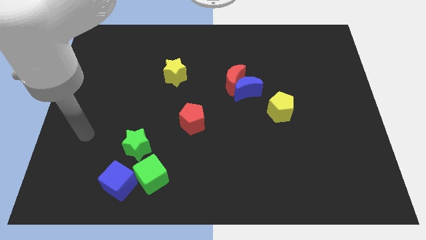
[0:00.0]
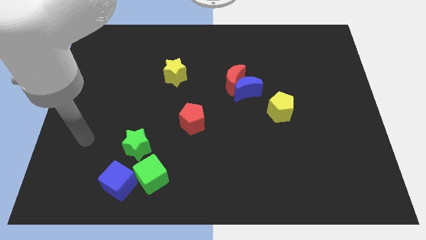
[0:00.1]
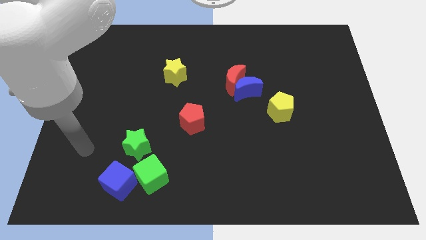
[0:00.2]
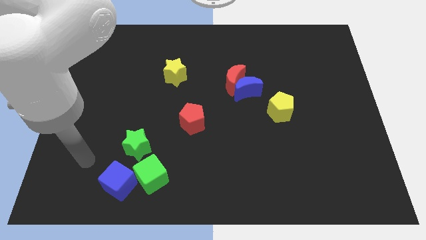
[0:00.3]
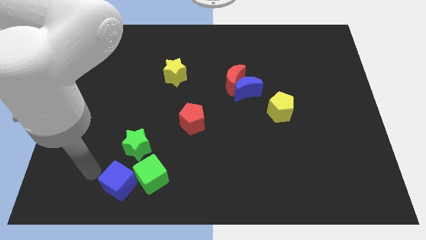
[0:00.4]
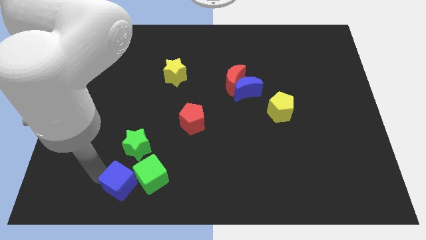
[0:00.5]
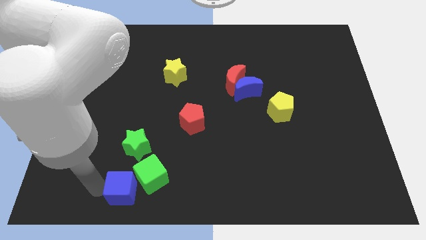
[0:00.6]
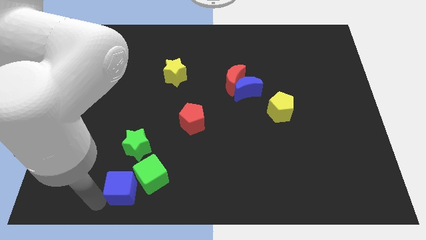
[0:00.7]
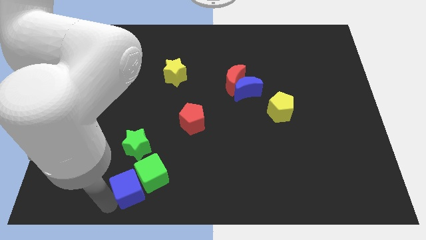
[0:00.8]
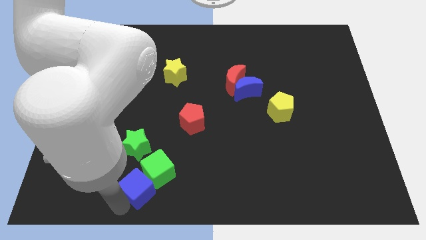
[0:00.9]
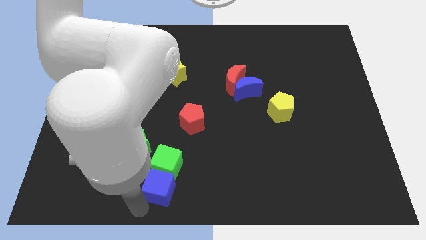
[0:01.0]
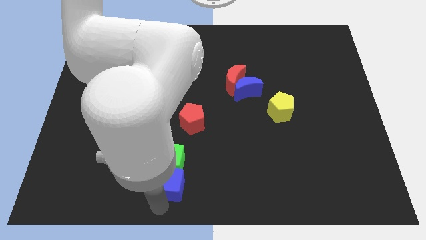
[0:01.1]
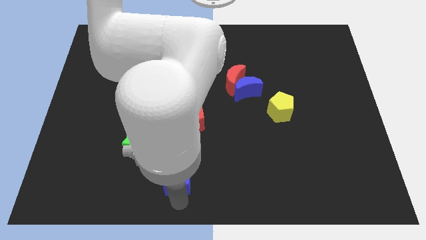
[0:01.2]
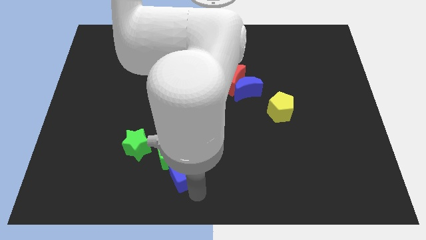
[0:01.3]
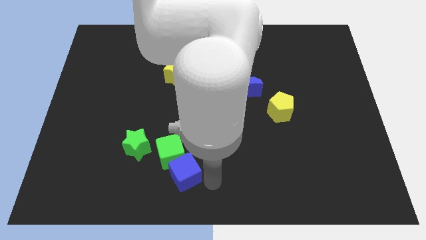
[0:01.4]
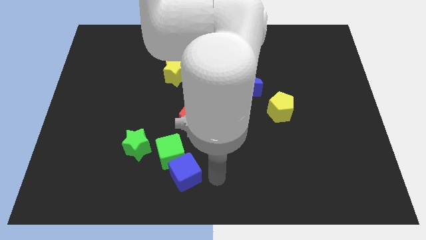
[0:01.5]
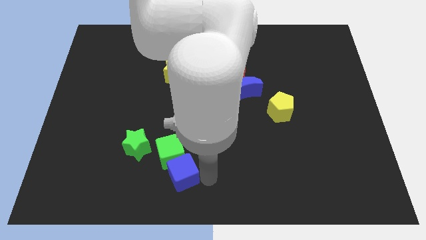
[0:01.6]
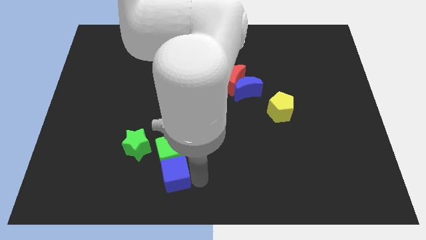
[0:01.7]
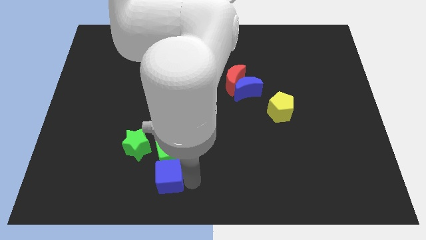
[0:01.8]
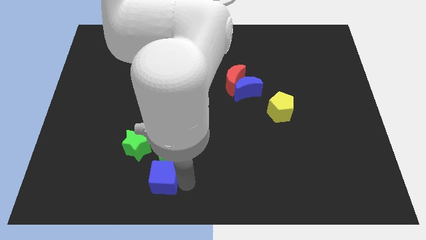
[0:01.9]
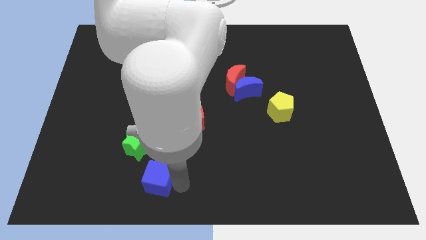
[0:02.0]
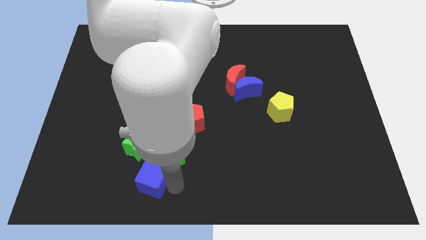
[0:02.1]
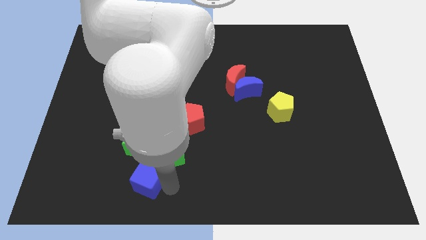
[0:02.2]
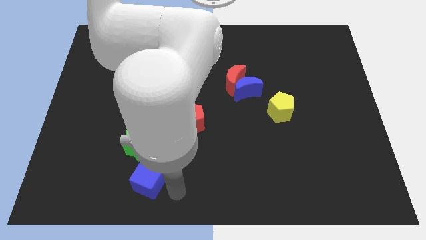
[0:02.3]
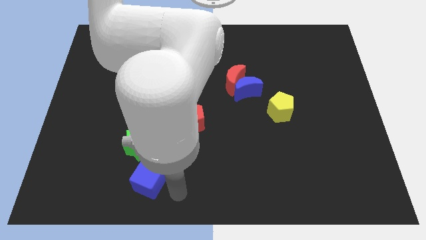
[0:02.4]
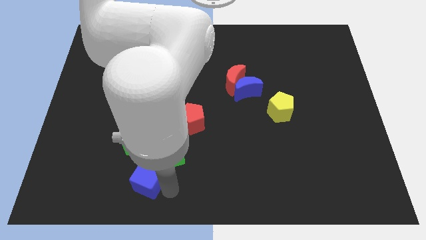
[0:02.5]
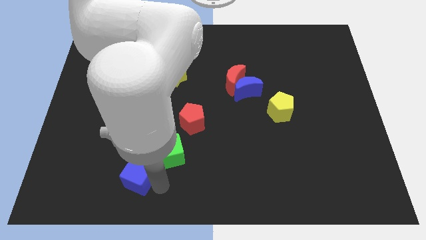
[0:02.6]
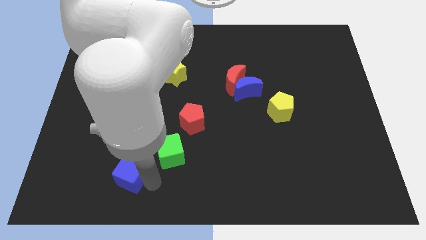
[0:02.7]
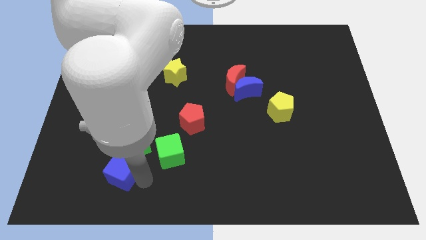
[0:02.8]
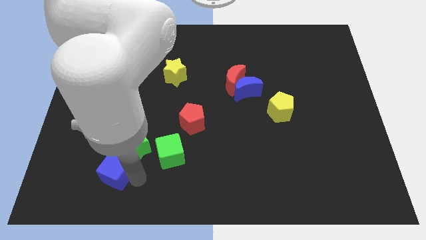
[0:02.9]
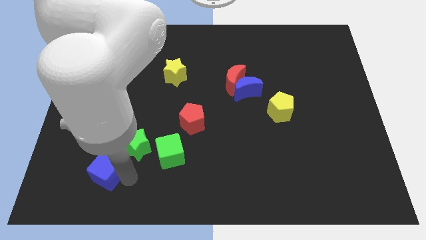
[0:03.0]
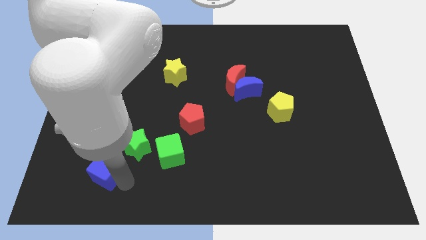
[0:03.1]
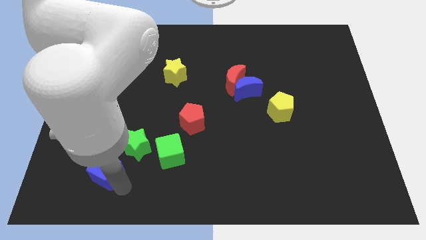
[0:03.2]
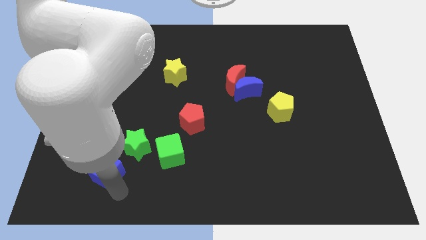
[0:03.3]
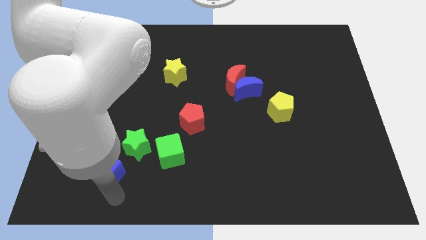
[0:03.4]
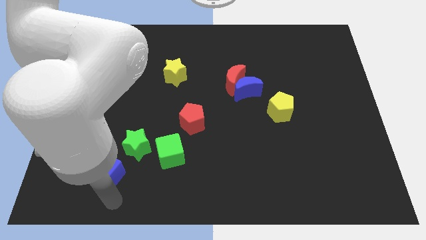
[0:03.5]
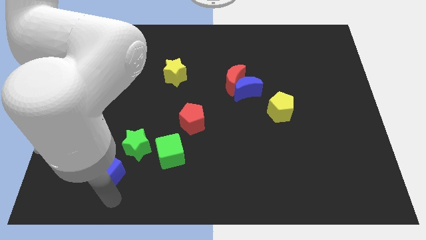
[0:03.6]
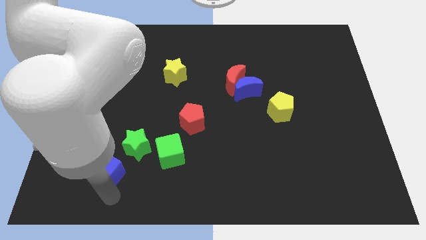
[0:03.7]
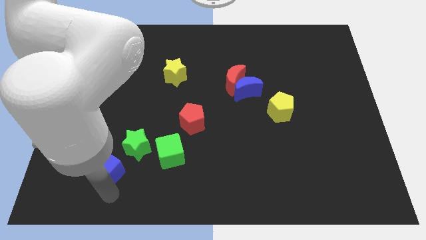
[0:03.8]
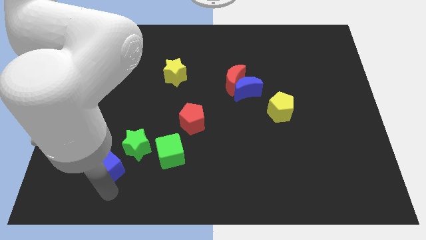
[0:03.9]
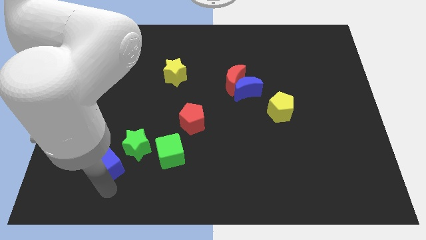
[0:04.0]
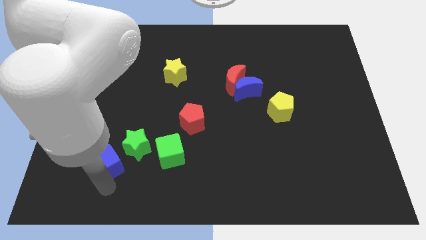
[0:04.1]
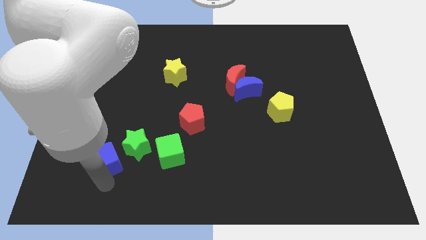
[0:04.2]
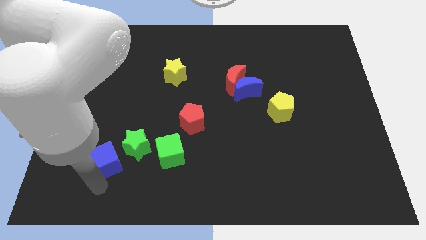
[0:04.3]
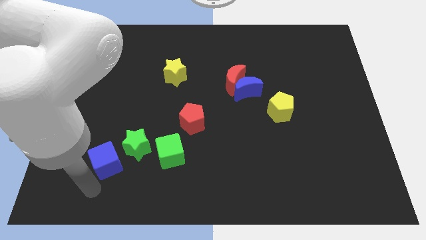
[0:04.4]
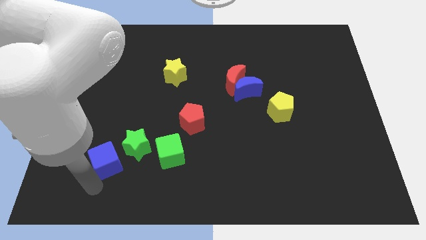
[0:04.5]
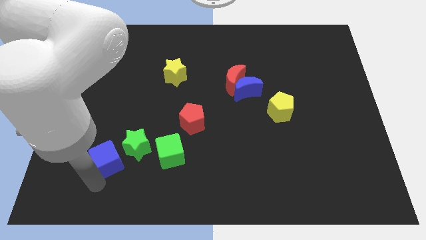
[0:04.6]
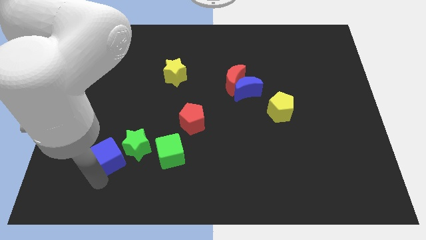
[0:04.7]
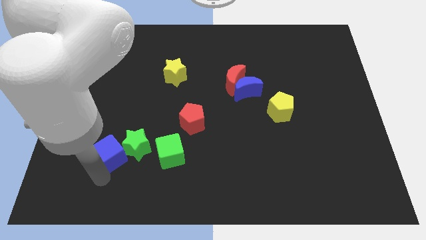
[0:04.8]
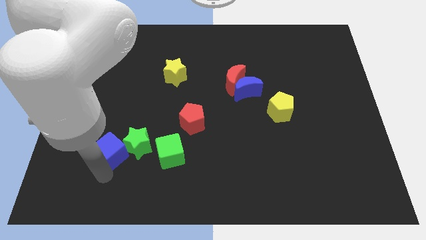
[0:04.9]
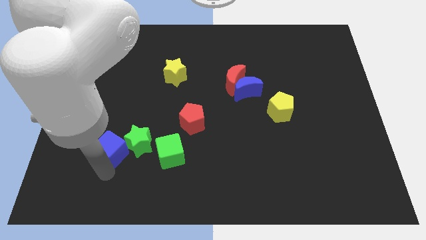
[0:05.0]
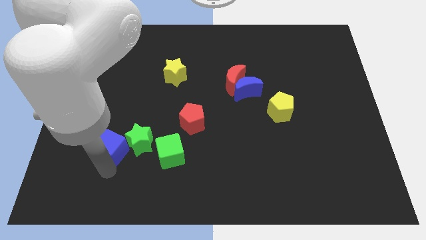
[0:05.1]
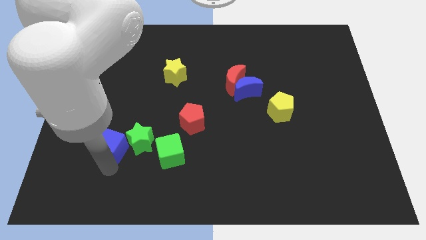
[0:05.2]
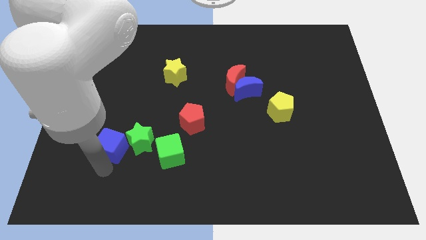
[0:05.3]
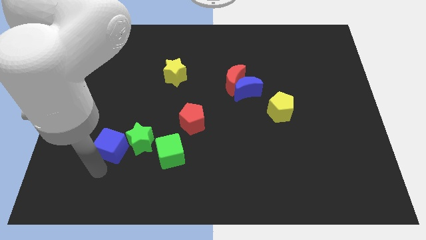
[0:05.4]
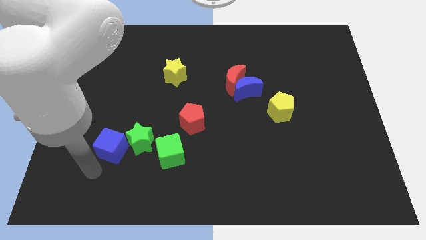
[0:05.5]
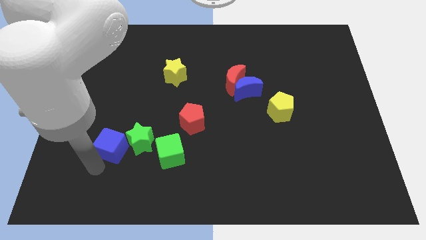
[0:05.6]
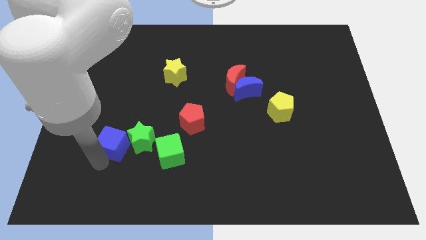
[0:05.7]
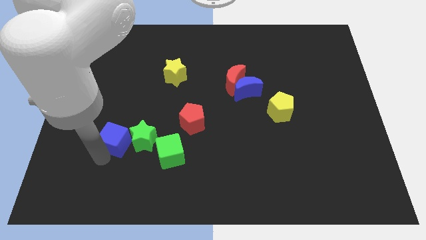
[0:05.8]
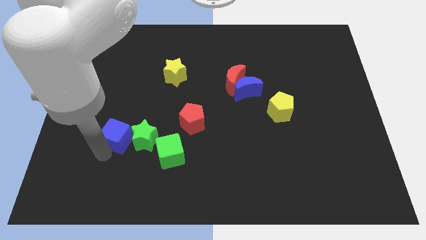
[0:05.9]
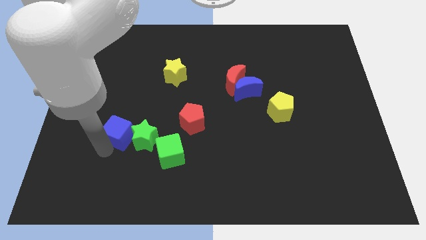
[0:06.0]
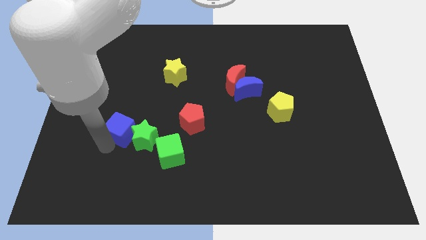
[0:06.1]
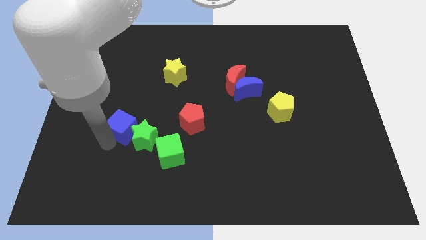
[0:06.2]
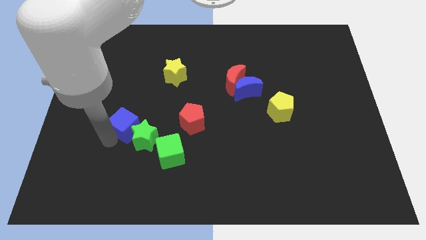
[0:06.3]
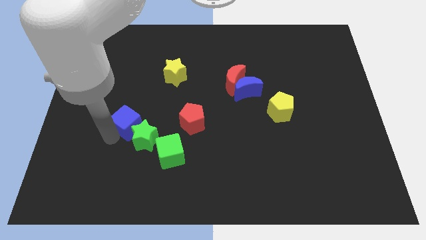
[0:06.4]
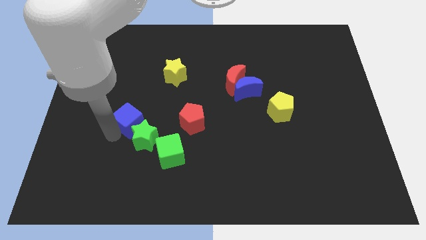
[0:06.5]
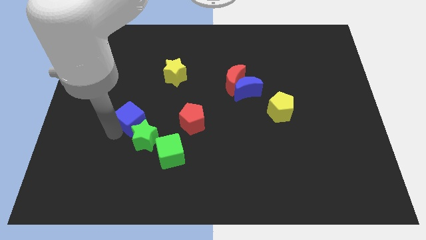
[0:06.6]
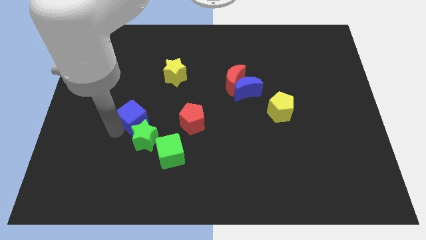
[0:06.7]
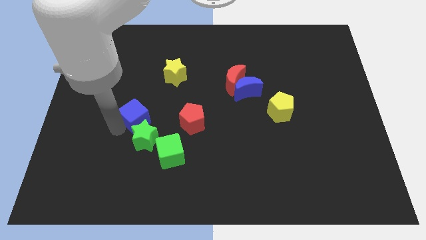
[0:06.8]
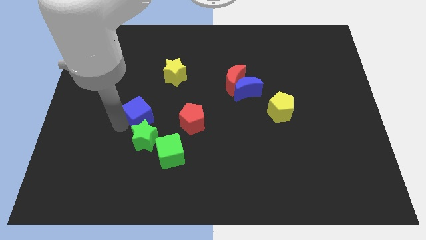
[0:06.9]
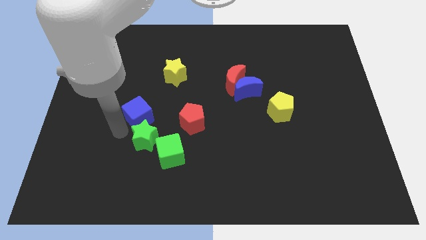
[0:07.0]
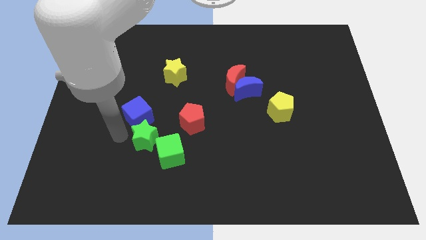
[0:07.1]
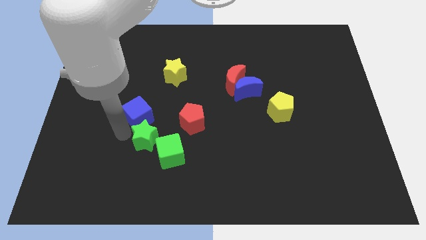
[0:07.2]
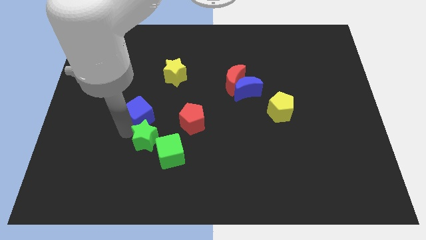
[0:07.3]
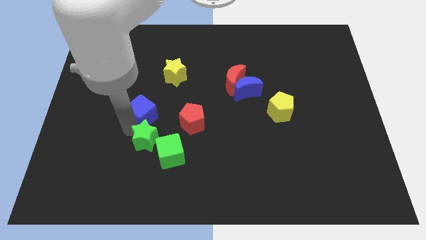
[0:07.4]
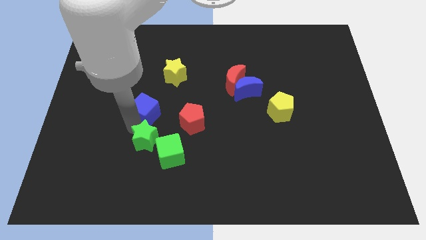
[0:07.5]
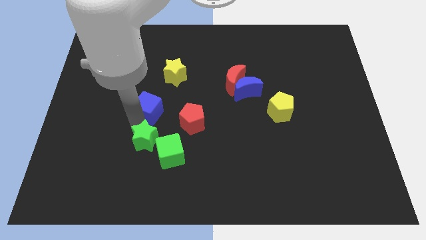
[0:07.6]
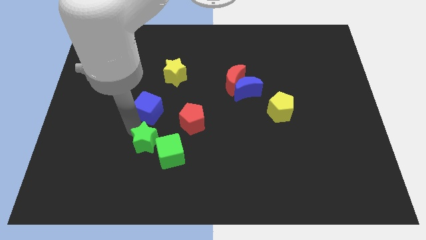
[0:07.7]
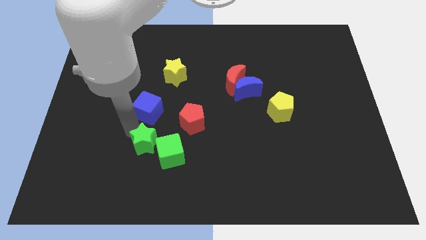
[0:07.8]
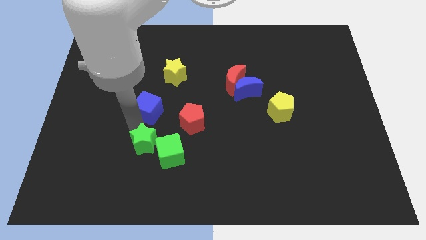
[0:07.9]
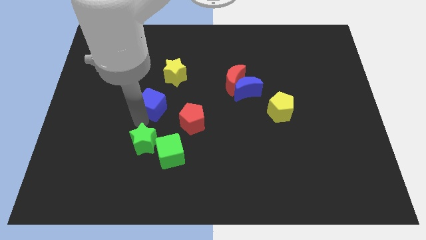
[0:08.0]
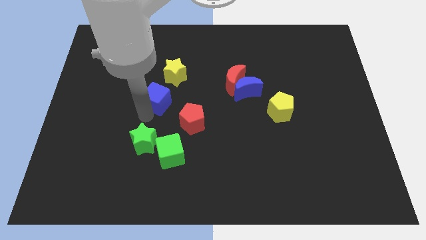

- _Aim of the task_
Please copy the data shown above, line by line and exactly, omitting the images.

- _Your response_
[0:00.0]
[0:00.1]
[0:00.2]
[0:00.3]
[0:00.4]
[0:00.5]
[0:00.6]
[0:00.7]
[0:00.8]
[0:00.9]
[0:01.0]
[0:01.1]
[0:01.2]
[0:01.3]
[0:01.4]
[0:01.5]
[0:01.6]
[0:01.7]
[0:01.8]
[0:01.9]
[0:02.0]
[0:02.1]
[0:02.2]
[0:02.3]
[0:02.4]
[0:02.5]
[0:02.6]
[0:02.7]
[0:02.8]
[0:02.9]
[0:03.0]
[0:03.1]
[0:03.2]
[0:03.3]
[0:03.4]
[0:03.5]
[0:03.6]
[0:03.7]
[0:03.8]
[0:03.9]
[0:04.0]
[0:04.1]
[0:04.2]
[0:04.3]
[0:04.4]
[0:04.5]
[0:04.6]
[0:04.7]
[0:04.8]
[0:04.9]
[0:05.0]
[0:05.1]
[0:05.2]
[0:05.3]
[0:05.4]
[0:05.5]
[0:05.6]
[0:05.7]
[0:05.8]
[0:05.9]
[0:06.0]
[0:06.1]
[0:06.2]
[0:06.3]
[0:06.4]
[0:06.5]
[0:06.6]
[0:06.7]
[0:06.8]
[0:06.9]
[0:07.0]
[0:07.1]
[0:07.2]
[0:07.3]
[0:07.4]
[0:07.5]
[0:07.6]
[0:07.7]
[0:07.8]
[0:07.9]
[0:08.0]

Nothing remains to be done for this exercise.